Moderator: Megan Lieff
You said: "...I'm pretty sure I have my Uechi training to thank for that!"
My automatic dark thought: how could someone with martial arts training (really thinking about the emotional training that comes with martial arts...self-respect, confidence, etc) put up with an abusive relationship, choose an abusing partner, be so casual in stating, "I experienced domestic violence this week."
The conundrum is how to acknowledge another's experience without dwelling on our own.
Dana Sheets wrote:
And, while men do experience being on the receiving end of domestic violence, the overwhelming majority of cases involve men hurting women and their children.
Bill-You are correct that women are not the only ones that are abused, and I’ve seen several other posts on this site that go into great detail about how men can be “set up” as the instigator in a domestic dispute. That is important to note, but not really the topic here. We’re not discussing setting someone up for the blame as much as how the abused can protect her or himself during and after an abusive instance. These are actually two very different situations.
Approximately 1.3 million women and 835,000 men are physically assaulted by an intimate partner annually in the United States.

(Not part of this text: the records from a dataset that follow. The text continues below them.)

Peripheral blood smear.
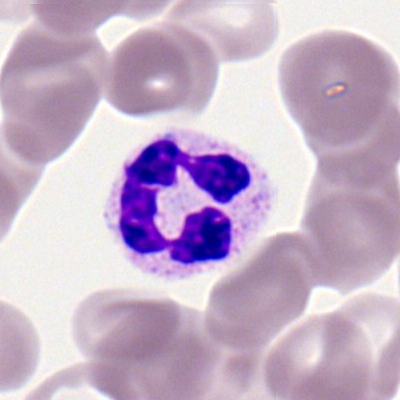
Showing a segmented neutrophil.
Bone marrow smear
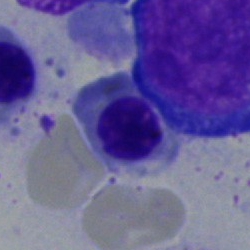
Classification: nucleated red blood cell.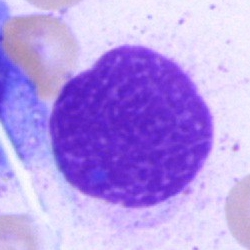 Impression → artifact.
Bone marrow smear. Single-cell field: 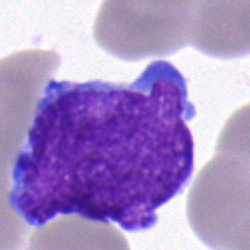Blast cell.
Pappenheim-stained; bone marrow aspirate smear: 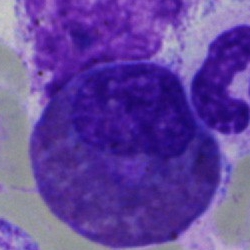
Cell type: eosinophilic granulocyte.
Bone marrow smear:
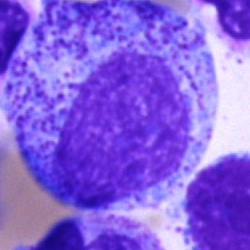

Cell: promyelocyte.
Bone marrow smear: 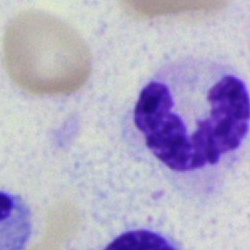

Neutrophil (segmented).
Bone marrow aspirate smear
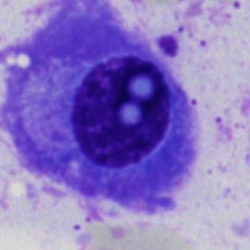Specimen: bone marrow aspirate smear.
Morphological class: plasmacyte.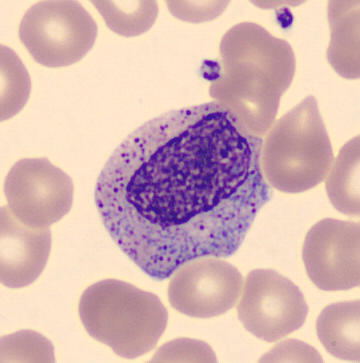
Identified as a myelocyte.
CellaVision DM96 digital cell image; peripheral blood film; single-cell crop.
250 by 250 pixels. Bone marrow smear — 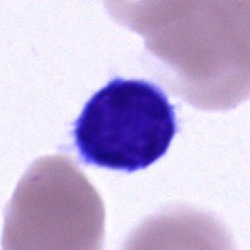

Q: Identify the cell.
A: This is a lymphocyte.
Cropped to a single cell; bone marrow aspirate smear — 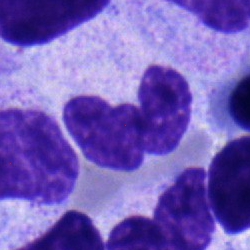

This is a band neutrophil.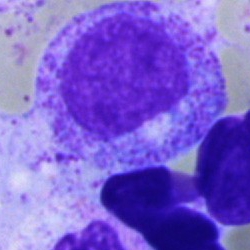
Q: Identify the cell.
A: A myelocyte.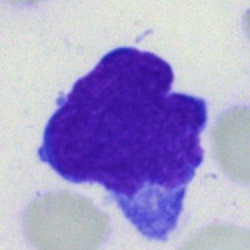

Specimen: bone marrow aspirate smear.
Morphological class: blast cell.
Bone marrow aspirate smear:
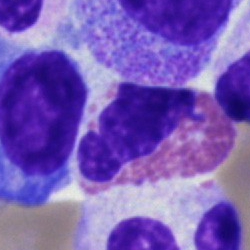

Eosinophilic granulocyte.
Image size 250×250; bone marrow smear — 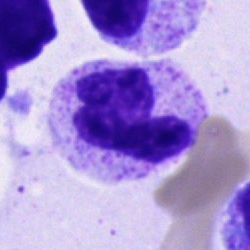

Morphology — neutrophil (segmented).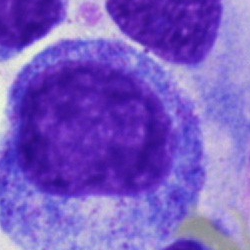
A promyelocyte on a bone marrow smear.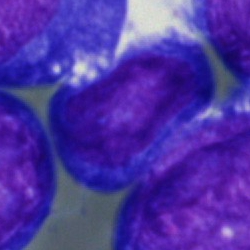

Proerythroblast.
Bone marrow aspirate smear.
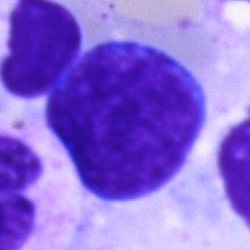
The cell is artefact.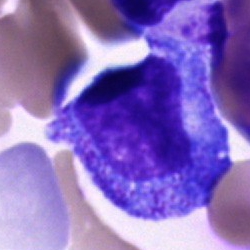
Classification — progranulocyte.
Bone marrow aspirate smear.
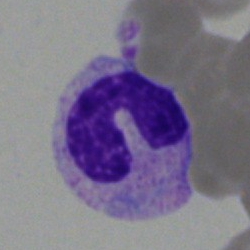Classification = segmented neutrophil.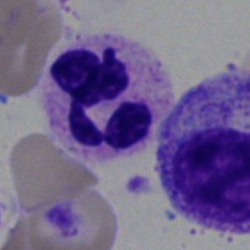 Showing a segmented neutrophil.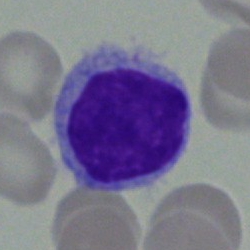

The classification is typical lymphocyte.
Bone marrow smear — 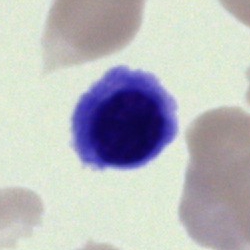
A nucleated red blood cell.
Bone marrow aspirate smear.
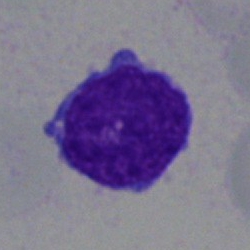
Showing a blast.
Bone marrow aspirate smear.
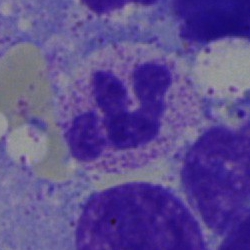 Single cell identified as a neutrophil (segmented).
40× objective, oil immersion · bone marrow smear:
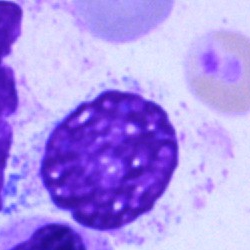
An artifact.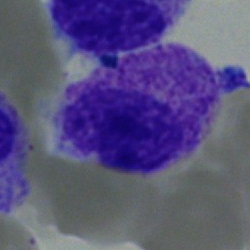 Q: What cell is this?
A: A myelocyte.
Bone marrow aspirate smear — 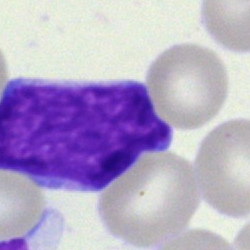Cell = blast.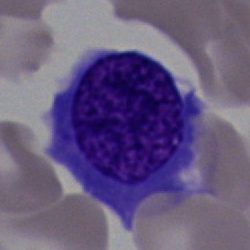Classification — erythroblast.
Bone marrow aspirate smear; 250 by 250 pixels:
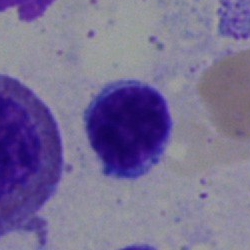 Single cell identified as a lymphocyte.
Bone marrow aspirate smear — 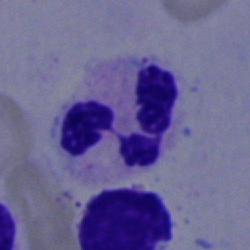

Morphological class — polymorphonuclear neutrophil.

Bill Glasheen wrote: (Dana and Shana quotes)
I was good. I let these two posts go for a while. Had some sleep. Pumped some iron. Kicked some booty in the dojo.

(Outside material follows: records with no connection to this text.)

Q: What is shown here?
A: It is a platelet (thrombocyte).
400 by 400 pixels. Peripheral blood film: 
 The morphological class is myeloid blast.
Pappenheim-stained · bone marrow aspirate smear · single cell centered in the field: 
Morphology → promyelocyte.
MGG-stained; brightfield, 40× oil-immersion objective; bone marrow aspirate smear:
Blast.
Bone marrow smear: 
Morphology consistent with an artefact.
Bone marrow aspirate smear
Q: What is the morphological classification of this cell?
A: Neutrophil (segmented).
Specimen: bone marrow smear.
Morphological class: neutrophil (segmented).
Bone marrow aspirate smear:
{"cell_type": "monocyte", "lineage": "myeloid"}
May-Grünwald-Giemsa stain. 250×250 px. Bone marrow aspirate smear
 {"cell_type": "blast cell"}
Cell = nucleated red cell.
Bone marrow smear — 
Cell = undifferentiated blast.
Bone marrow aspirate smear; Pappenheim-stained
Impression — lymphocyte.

Translation from my perspective? Sorry, Charlie, but your life experiences aren't valid. Now... run along!
I reject that.
Moral of the story... don't minimize anyone's abuse. It knows no single gender, race, religious belief, socioeconomic status, or sexual orientation. Abuse is abuse - period.
Abuse is abuse, and everyone should be heard.
Bill Glasheen wrote:If you're with a good, loving, and secure person, that trust won't be violated. If you're with a person OF EITHER GENDER who has turmoil within, then that can manifest itself in abuse to those around him/her[…]It's really quite easy to get into an abusive relationship. The more loving and trusting we are - both very wonderful qualities - the more vulnerable we are to unsavory types.
chernon wrote:The thing that bothered me the most, (and what spawned my "Dark Thoughts" post) is that this should have been a runaway topic from the moment it appeared, yet 75 views later, it wasn't. Most irritatingly (is that a word?), I didn't feel I had aything to say. It's not that I *didn't* want to say something; it's that I was ever-so-slightly uncomfortable--in a way that made me NOT participate. (akin to looking away perhaps)
chernon wrote:In my opinion, a forum like this is a great beginning. My own gut reaction was humiliating to me. Mary started the bravery; Shana and Bill quickly followed; I'm sure others are reading who may not yet be ready or able to talk. This sort of discussion can knock down doors and let a little light in....and I hope it does. (Truly, it already has.)
Dana Sheets wrote:However, no number will ever capture the true nature and personal consequences of any individual's experience with domestic violence, intimidation, abuse, or neglect. Everyone's experience is valid. Whatever form abuse takes is terrible. Abuse is one of those things that just shouldn't happen yet it happens much more regularly that any of us would like to believe.
We are hard wired with physical responses to the emotion of anger. When that is criss-crossed with issued related to insecurity, and often complicated by alcohol, money, or drugs. things get dangerous quickly. And that doesn't even address the emotional damage that is done that leaves no outward bruise or scar.